コラム

No.3 Black-Blanc-Beur

 1998年7月12日、パリ。エメ・ジャケ監督率いるサッカーフランス代表が、決勝戦でブラジルを破り、フランスサッカー史上初めて、ワールドカップ優勝を成し遂げた。

 この試合で人々の注目を一身に集めたのは、勝利を決定づけた2得点を記録する活躍を見せたジネディーヌ・ジダンであった。試合後、彼へのまなざしは、ピッチ上でのパフォーマンスだけではなく、彼の出自にまで向けられることとなる。というのも、彼の両親は、アルジェリア北部にルーツを持つ移民であり、その子供としてマルセイユに生まれたジネディーヌ自身もフランスとアルジェリアの二重国籍を持つ人間であったのだ。ジダンの他にも海外県や旧植民地にルーツを持つ選手たちが多く所属するフランス代表チームに向けてメディアや知識人たちから発せられた称賛は、必ず しも、己の肉体のみを拠り所にスポーツを行う選手たちへのそれではなく、往々にして、人種的・出自的に様々な背景を持つ個人が、三色旗の下に集い、世界一になったのだ、という非スポーツ的な文脈の中で語られた。
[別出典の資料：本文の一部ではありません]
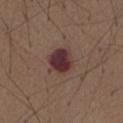On the abdomen. About 3.5 mm across. A male subject aged approximately 75. The tile uses white-light illumination. Cropped from a whole-body photographic skin survey; the tile spans about 15 mm.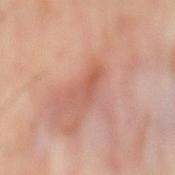Findings:
• follow-up · imaged on a skin check; not biopsied
• size · about 4 mm
• patient · male, approximately 50 years of age
• tile lighting · cross-polarized
• TBP lesion metrics · a mean CIELAB color near L≈56 a*≈25 b*≈30, roughly 7 lightness units darker than nearby skin, and a normalized lesion–skin contrast near 5.5; a nevus-likeness score of about 0/100 and lesion-presence confidence of about 85/100
• body site · the back
• imaging modality · ~15 mm tile from a whole-body skin photo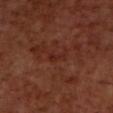biopsy status = total-body-photography surveillance lesion; no biopsy
illumination = cross-polarized illumination
site = the chest
subject = male, aged around 70
image source = ~15 mm tile from a whole-body skin photo
lesion size = about 2.5 mm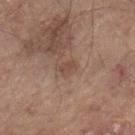Assessment:
No biopsy was performed on this lesion — it was imaged during a full skin examination and was not determined to be concerning.
Context:
A male patient, approximately 80 years of age. The tile uses white-light illumination. The lesion is on the right lower leg. Cropped from a total-body skin-imaging series; the visible field is about 15 mm. Automated tile analysis of the lesion measured a footprint of about 3.5 mm² and two-axis asymmetry of about 0.35. And it measured a border-irregularity rating of about 3/10, internal color variation of about 1 on a 0–10 scale, and peripheral color asymmetry of about 0.5.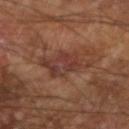size = ~5 mm (longest diameter) | subject = male, aged approximately 65 | anatomic site = the left arm | acquisition = ~15 mm crop, total-body skin-cancer survey | automated metrics = a lesion area of about 12 mm² and a symmetry-axis asymmetry near 0.3; a mean CIELAB color near L≈36 a*≈21 b*≈25 and a normalized lesion–skin contrast near 7; border irregularity of about 4.5 on a 0–10 scale, internal color variation of about 5 on a 0–10 scale, and peripheral color asymmetry of about 2; a classifier nevus-likeness of about 0/100 | tile lighting = cross-polarized illumination.

 ワールドカップ優勝から2年後に行われた欧州選手権も制覇したフランスチームは、文字通り、フランスを「代表」する存在になったのであるが、2002年日韓ワールドカップでの不本意な成績を始めとして現在まで、主たる国際大会で目立った成績を収められていない。近年のフランスでの出来事を見ていると、スポーツにおける結果とともに、サッカーチームが体現してきたフランスまで、過去の歴史の中に消え去ってしまったかのように感じられてならない。